Если бы она позволила, Байрон мог бы сделать это за нее. К тому же он безумно хотел поцеловать ее, и понадобилось все его самообладание, чтобы заставить себя усидеть на месте. Продолжая эту клубничную игру, он чувствовал, как усиливается его желание, как все больше обостряются его чувства. В конце концов Байрон не выдержал, вскочил со стула и отправился бродить по саду.
Воздух был напоен сладким запахом жимолости, жужжали пчелы, в небе одинокий самолет оставлял за собой длинную белую полосу.

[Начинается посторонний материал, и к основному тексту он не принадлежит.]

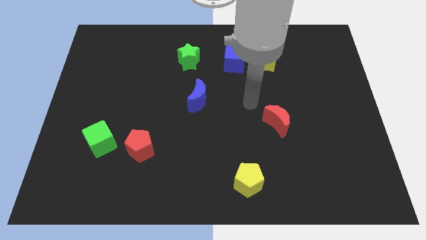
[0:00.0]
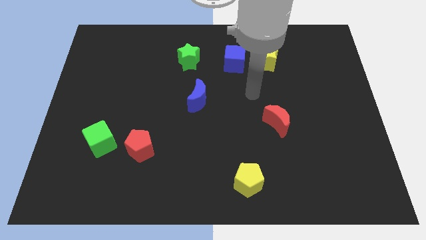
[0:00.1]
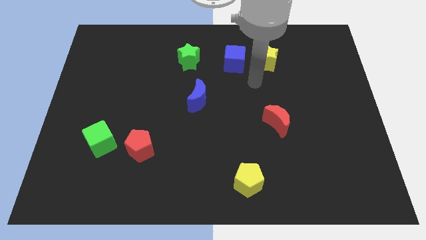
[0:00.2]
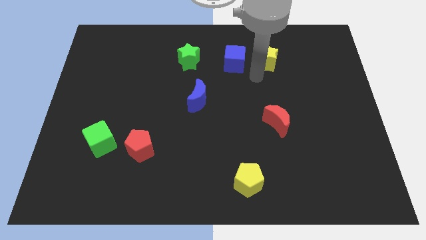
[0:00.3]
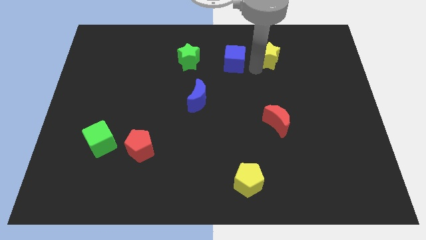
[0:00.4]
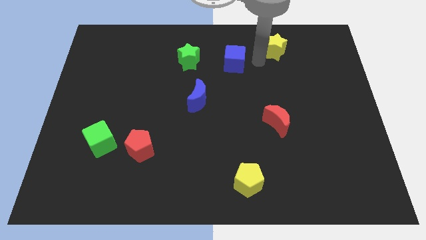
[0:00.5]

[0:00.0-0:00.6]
move the blue cube away from the yellow star

Наверно, я смог бы совершить такой полет, чтобы написать в небе: «ЭЛЛИ, Я ЛЮБЛЮ ТЕБЯ!» — промелькнуло у него в голове. Солнце медленно плыло за горизонт. Он был счастлив, когда Даниэлла с бокалом шампанского в руке присоединилась к нему.
— Я люблю это время суток. А ты? — охрипшим от волнения голосом спросила она.
— И у меня оно самое любимое, — согласился с ней Байрон.
— У тебя в Лондоне есть сад?
— На крыше, — кивнул он. — И все там растет в ящиках и горшках.
— Как интересно! — Глаза у Даниэллы загорелись. — Кто ухаживает за ними, когда ты в отъезде?
— Соседи, Сэм.
Она охотно делала это, так как была немного влюблена в него, хотя он всегда спокойно относился к ее чувствам. Байрон ясно дал ей понять, что ничего, кроме дружбы, не желает.
Ему хотелось сказать Даниэлле, что он мог бы однажды показать ей свой сад, но он знал, что торопить события нельзя.
— Здесь очень мило, Элли. — Он оглядел ухоженные газоны и нарядные цветочные клумбы. — У тебя садовник, да?
Она покачала головой.
— Чаще всего я справляюсь сама. Раньше мы держали садовника, но я дала ему отставку. Сейчас же мне помогает только один человек, и то лишь тогда, когда нужно сделать тяжелую работу, с которой я одна не справлюсь. Но мне нравится.
— Я помню, раньше ты не могла отличить один цветок от другого.
— Тогда я этим не интересовалась, — с улыбкой согласилась она. — Моим представлением о веселье было посещение дискотек и хорошо проведенное время, а не садоводство.
— А я погубил это, женившись на тебе, — тихо и печально проговорил Байрон. — У нас не было денег на дискотеки.
Она отпила немного шампанского.
— Это была не совсем твоя вина. Я ведь сознательно решилась на брак.
— Ни один из нас не заметил ловушки.
— Мы не слушали наших родителей.
— А разве есть дети, которые прислушиваются к своим родителям в этом возрасте? Вся правда в том, Элли, что я бы снова именно так и поступил.
Она бросила на него испуганный взгляд. Какой загнанный взгляд, подумал Байрон.
— Это правда, — сказал он. — В отличие от тебя, я так больше и не нашел любовь.
— Что ты сказал? — прошептала Даниэлла, и он заметил, как судорожно ее пальцы вцепились в ножку бокала.
Оставив всякую осторожность, Байрон произнес:
— Я хочу, чтобы мы снова начали совместную жизнь. Я хочу, чтобы у нас были дети. Я хочу, чтобы мы были одной семьей, Элли. Именно об этом я всегда мечтал.